The data –
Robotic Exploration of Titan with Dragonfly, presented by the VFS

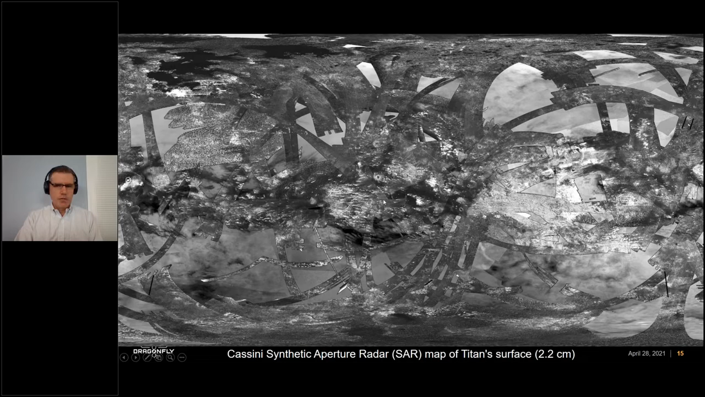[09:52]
And it's from this that we know what's on the surface. These different radar images, when looked at individually, show us things like this, the Organic Dune Sea.
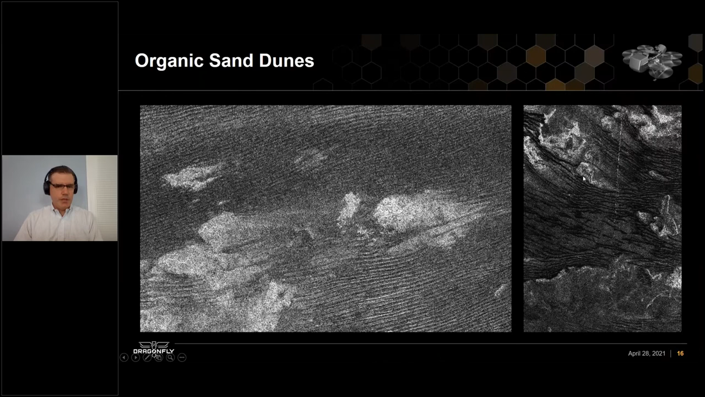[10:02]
You can see these large linear dunes, not unlike something we see here on Earth. And I have some pictures in a second to show you that. But other things we see include river channels. Titan has a liquid cycle, a methane cycle instead of water, but it's a hydrological cycle like Earth.
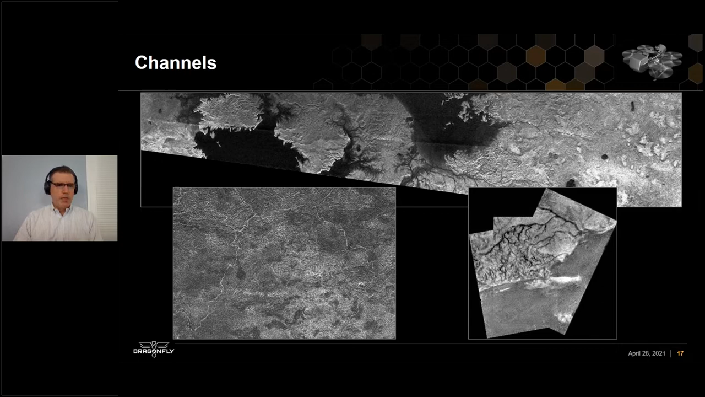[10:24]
So you have rivers and you also have lakes, polar lakes, that are very interesting because they're, unlike Earth, when methane or ethane freezes, it sinks to the bottom. So there's a kind of a strange cycle there.
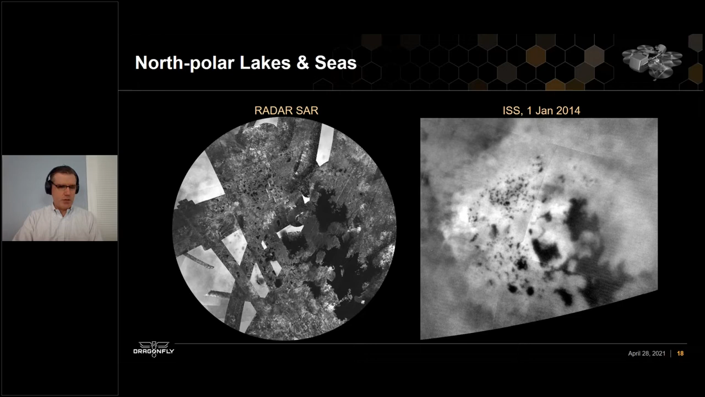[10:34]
And if you look very closely in the lower right, you can actually see, I hope this movie is coming across, but you can actually see some clouds moving around on Titan.
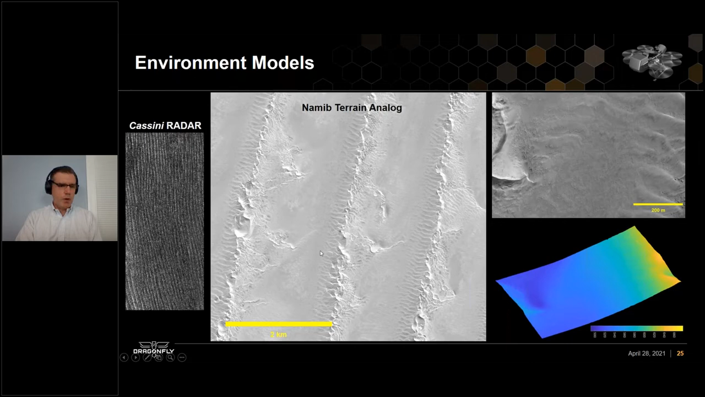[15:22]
And you can see the comparison between the Cassini radar on the left here and the Namib dunes. And it's just quite clear that that's what we're dealing with. And here's the interdune region on Earth and kind of a scale to show how easy it would be to land there.

Exercise description – Write out all the entries exactly, except for the pictures.

Output of the task –
Robotic Exploration of Titan with Dragonfly, presented by the VFS

[09:52]
And it's from this that we know what's on the surface. These different radar images, when looked at individually, show us things like this, the Organic Dune Sea.
[10:02]
You can see these large linear dunes, not unlike something we see here on Earth. And I have some pictures in a second to show you that. But other things we see include river channels. Titan has a liquid cycle, a methane cycle instead of water, but it's a hydrological cycle like Earth.
[10:24]
So you have rivers and you also have lakes, polar lakes, that are very interesting because they're, unlike Earth, when methane or ethane freezes, it sinks to the bottom. So there's a kind of a strange cycle there.
[10:34]
And if you look very closely in the lower right, you can actually see, I hope this movie is coming across, but you can actually see some clouds moving around on Titan.
[15:22]
And you can see the comparison between the Cassini radar on the left here and the Namib dunes. And it's just quite clear that that's what we're dealing with. And here's the interdune region on Earth and kind of a scale to show how easy it would be to land there.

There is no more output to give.